The expected output is exactly the lines below, starting at the line with "17.672 46.447 18.779" and ending at the line with "6.334H58.089L58.315 9.286C58.468 8.365", both included; no other line belongs in it.

Dataset entries
----
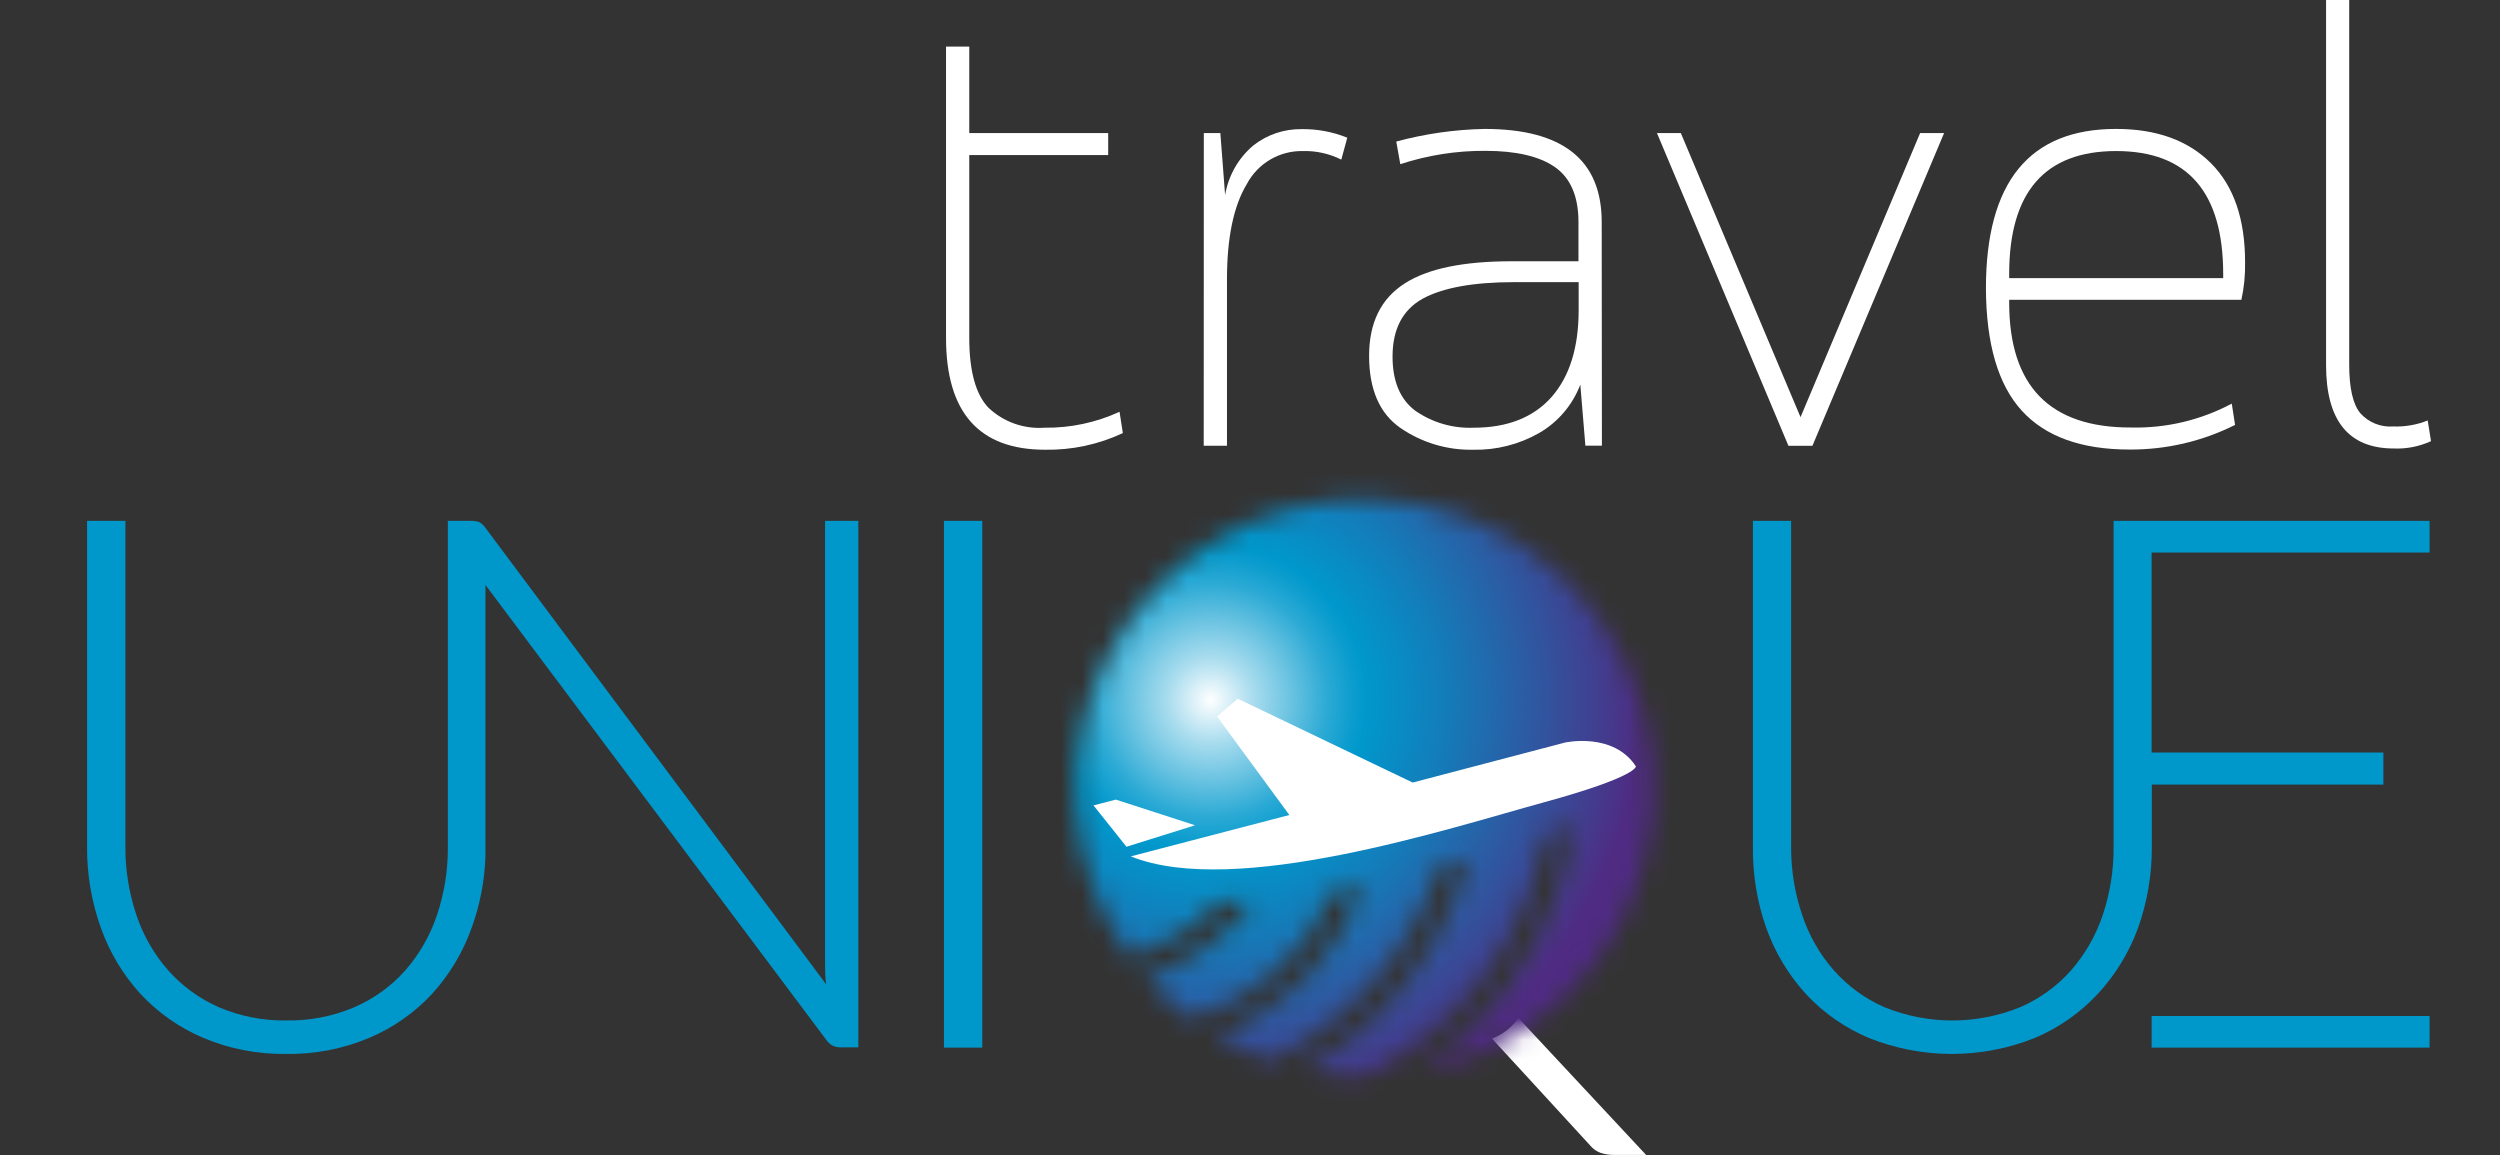 <svg width="119" height="55" viewBox="0 0 119 55" fill="none" xmlns="http://www.w3.org/2000/svg">
<rect x="0" y="0" width="119" height="55" fill="#333333" stroke="none"/>
<path d="M72.273 48.455C71.964 48.902 71.527 49.245 71.019 49.439L72.258 50.783L75.7 54.533C75.83 54.69 76 54.809 76.192 54.877C76.398 54.944 76.614 54.977 76.831 54.975H78.355L72.273 48.455Z" fill="white"/>
<path d="M39.273 45.827C39.273 46.157 39.273 46.501 39.327 46.855L23.108 25.128C23.032 25.013 22.929 24.918 22.808 24.852C22.683 24.808 22.552 24.788 22.419 24.793H21.318V40.3C21.328 41.411 21.152 42.516 20.797 43.568C20.472 44.537 19.957 45.432 19.283 46.201C18.614 46.951 17.791 47.545 16.869 47.943C15.847 48.378 14.744 48.593 13.634 48.573C12.524 48.592 11.423 48.375 10.403 47.938C9.485 47.532 8.665 46.933 7.999 46.181C7.326 45.413 6.813 44.518 6.49 43.548C6.137 42.495 5.961 41.391 5.969 40.281V24.793H4.145V40.3C4.135 41.618 4.358 42.928 4.803 44.168C5.215 45.331 5.855 46.398 6.686 47.308C7.525 48.211 8.546 48.926 9.681 49.404C10.925 49.927 12.264 50.187 13.614 50.167C14.972 50.189 16.319 49.93 17.572 49.404C18.707 48.926 19.727 48.211 20.566 47.308C21.395 46.397 22.036 45.33 22.449 44.168C22.847 43.073 23.069 41.922 23.108 40.758V40.694C23.108 40.561 23.108 40.433 23.108 40.3V27.844L39.332 49.498C39.403 49.608 39.5 49.699 39.616 49.761C39.731 49.823 39.86 49.855 39.991 49.852H40.856V24.793H39.273V45.827Z" fill="#0098CB"/>
<path d="M46.756 24.793H44.932V49.867H46.756V24.793Z" fill="#0098CB"/>
<path d="M115.647 48.361H102.417V49.867H115.647V48.361Z" fill="#0098CB"/>
<path d="M102.416 24.793H100.607V40.3C100.617 41.411 100.441 42.515 100.086 43.568C99.761 44.537 99.246 45.432 98.572 46.201C97.904 46.951 97.08 47.545 96.158 47.943C94.087 48.786 91.769 48.786 89.697 47.943C88.777 47.538 87.955 46.939 87.288 46.186C86.615 45.419 86.103 44.523 85.784 43.553C85.427 42.501 85.249 41.396 85.258 40.285V24.793H83.439V40.3C83.421 41.617 83.636 42.926 84.073 44.168C84.486 45.33 85.126 46.397 85.956 47.308C86.794 48.211 87.815 48.926 88.95 49.404C91.489 50.422 94.322 50.422 96.861 49.404C97.996 48.926 99.016 48.211 99.855 47.308C100.697 46.4 101.349 45.332 101.772 44.168C102.214 42.927 102.435 41.618 102.426 40.3V37.347H113.449V35.822H102.416V26.299H115.647V24.793H102.416Z" fill="#0098CB"/>
<mask id="mask0_24_172" style="mask-type:luminance" maskUnits="userSpaceOnUse" x="51" y="23" width="28" height="29">
<path d="M64.953 23.73C62.423 23.73 59.943 24.427 57.783 25.746C55.624 27.064 53.869 28.952 52.712 31.203C51.554 33.454 51.038 35.98 51.221 38.505C51.404 41.031 52.278 43.456 53.748 45.517C55.388 45.055 56.871 44.155 58.04 42.913H59.648C58.354 44.603 56.588 45.868 54.574 46.55C55.199 47.279 55.899 47.938 56.663 48.519C58.16 48.076 59.542 47.309 60.71 46.272C61.879 45.236 62.805 43.955 63.423 42.52L64.869 42.175C64.303 43.806 63.389 45.295 62.19 46.536C60.991 47.778 59.536 48.743 57.927 49.365C58.707 49.83 59.53 50.217 60.385 50.522C62.299 49.62 64.007 48.334 65.402 46.743C66.798 45.152 67.852 43.291 68.497 41.275L69.884 40.906C69.133 43.713 67.654 46.271 65.597 48.322C64.558 49.366 63.386 50.268 62.111 51.004C63.026 51.196 63.958 51.293 64.894 51.294C66.472 50.511 67.911 49.476 69.156 48.228C71.451 45.932 72.994 42.992 73.581 39.798C74.023 39.651 74.461 39.498 74.899 39.341C74.361 43.04 72.635 46.463 69.982 49.094C69.281 49.796 68.523 50.438 67.716 51.014C71.065 50.333 74.041 48.43 76.066 45.675C78.091 42.919 79.019 39.508 78.671 36.105C78.323 32.703 76.723 29.551 74.182 27.264C71.641 24.976 68.34 23.717 64.923 23.73H64.953Z" fill="white"/>
</mask>
<g mask="url(#mask0_24_172)">
<path d="M64.326 9.957L37.431 38.157L65.604 65.077L92.499 36.877L64.326 9.957Z" fill="url(#paint0_radial_24_172)"/>
</g>
<path d="M77.873 36.486C76.801 34.833 74.5 35.344 74.5 35.344L67.244 37.249L58.915 33.258L57.932 34.104L61.373 38.794L53.826 40.763C58.782 42.766 69.068 39.4 73.443 38.204C78.025 36.949 77.868 36.471 77.868 36.471" fill="white"/>
<path d="M53.113 38.061L52.051 38.337L53.62 40.305L56.884 39.282L53.113 38.061Z" fill="white"/>
<path d="M45.031 2.219H46.137V6.334H52.75V7.382H46.137V16.088C46.137 17.672 46.447 18.779 47.056 19.414C47.41 19.747 47.83 20.003 48.287 20.165C48.745 20.328 49.232 20.394 49.716 20.359C50.949 20.375 52.17 20.116 53.29 19.601L53.448 20.615C52.29 21.158 51.024 21.429 49.746 21.407C46.602 21.407 45.031 19.634 45.031 16.088V2.219Z" fill="white"/>
<path d="M57.302 6.334H58.089L58.315 9.286C58.468 8.365 58.944 7.527 59.657 6.924C60.31 6.411 61.118 6.137 61.948 6.147C62.696 6.135 63.438 6.274 64.131 6.555L63.846 7.598C63.276 7.313 62.645 7.172 62.007 7.19C61.464 7.181 60.928 7.322 60.46 7.598C59.991 7.874 59.608 8.275 59.352 8.755C58.718 9.803 58.404 11.314 58.404 13.302V21.216H57.297L57.302 6.334Z" fill="white"/>
<path d="M76.251 21.215H75.464L75.223 18.307C74.853 19.28 74.158 20.096 73.257 20.615C72.303 21.157 71.221 21.431 70.125 21.407C68.883 21.433 67.665 21.067 66.644 20.359C65.66 19.667 65.169 18.527 65.169 16.939C65.169 15.359 65.734 14.217 66.86 13.494C67.986 12.771 69.692 12.436 71.968 12.436H75.135V10.566C75.135 9.345 74.756 8.469 74.014 7.953C73.271 7.436 72.16 7.18 70.705 7.18C69.329 7.171 67.961 7.386 66.654 7.815L66.462 6.737C67.835 6.367 69.248 6.165 70.67 6.137C74.384 6.137 76.241 7.613 76.241 10.566L76.251 21.215ZM75.144 13.43H72.072C70.135 13.43 68.684 13.693 67.72 14.217C66.767 14.749 66.285 15.664 66.285 16.973C66.285 18.154 66.649 19.016 67.376 19.557C68.188 20.118 69.159 20.399 70.144 20.359C71.747 20.359 72.981 19.875 73.847 18.907C74.712 17.923 75.144 16.55 75.144 14.754V13.43Z" fill="white"/>
<path d="M85.705 19.857L91.398 6.334H92.539L86.271 21.221H85.13L78.871 6.334H80.007L85.705 19.857Z" fill="white"/>
<path d="M106.689 14.272H95.637V14.399C95.637 18.373 97.566 20.356 101.423 20.349C103.097 20.392 104.754 20 106.232 19.212L106.389 20.226C104.83 21.008 103.108 21.409 101.364 21.398C99.07 21.398 97.361 20.781 96.236 19.547C95.112 18.314 94.543 16.376 94.53 13.735C94.53 8.666 96.597 6.133 100.73 6.137C102.648 6.137 104.15 6.68 105.239 7.766C106.327 8.852 106.869 10.43 106.866 12.5C106.877 13.095 106.818 13.69 106.689 14.272ZM95.637 13.238H105.824V13.046C105.824 9.142 104.126 7.19 100.73 7.19C97.334 7.19 95.637 9.142 95.637 13.046V13.238Z" fill="white"/>
<path d="M110.721 0H111.822V17.357C111.822 18.474 111.999 19.242 112.348 19.665C112.543 19.884 112.785 20.055 113.056 20.165C113.327 20.275 113.62 20.321 113.911 20.3C114.474 20.321 115.035 20.224 115.558 20.015L115.716 20.999C115.161 21.253 114.555 21.373 113.946 21.348C111.792 21.348 110.717 20.02 110.721 17.362V0Z" fill="white"/>
<defs>
<radialGradient id="paint0_radial_24_172" cx="0" cy="0" r="1" gradientUnits="userSpaceOnUse" gradientTransform="translate(57.641 33.319) rotate(43.697) scale(20.477 20.478)">
<stop stop-color="white"/>
<stop offset="0.1" stop-color="#A8DCEE"/>
<stop offset="0.2" stop-color="#60BFDF"/>
<stop offset="0.27" stop-color="#2CAAD5"/>
<stop offset="0.33" stop-color="#0C9DCE"/>
<stop offset="0.36" stop-color="#0098CC"/>
<stop offset="0.54" stop-color="#137DBA"/>
<stop offset="0.93" stop-color="#45398C"/>
<stop offset="1" stop-color="#4F2B83"/>
</radialGradient>
</defs>
</svg>
----
### [Solution]
<path d="M45.031 2.219H46.137V6.334H52.75V7.382H46.137V16.088C46.137 17.672 46.447 18.779 47.056 19.414C47.41 19.747 47.83 20.003 48.287 20.165C48.745 20.328 49.232 20.394 49.716 20.359C50.949 20.375 52.17 20.116 53.29 19.601L53.448 20.615C52.29 21.158 51.024 21.429 49.746 21.407C46.602 21.407 45.031 19.634 45.031 16.088V2.219Z" fill="white"/>
<path d="M57.302 6.334H58.089L58.315 9.286C58.468 8.365 58.944 7.527 59.657 6.924C60.31 6.411 61.118 6.137 61.948 6.147C62.696 6.135 63.438 6.274 64.131 6.555L63.846 7.598C63.276 7.313 62.645 7.172 62.007 7.19C61.464 7.181 60.928 7.322 60.46 7.598C59.991 7.874 59.608 8.275 59.352 8.755C58.718 9.803 58.404 11.314 58.404 13.302V21.216H57.297L57.302 6.334Z" fill="white"/>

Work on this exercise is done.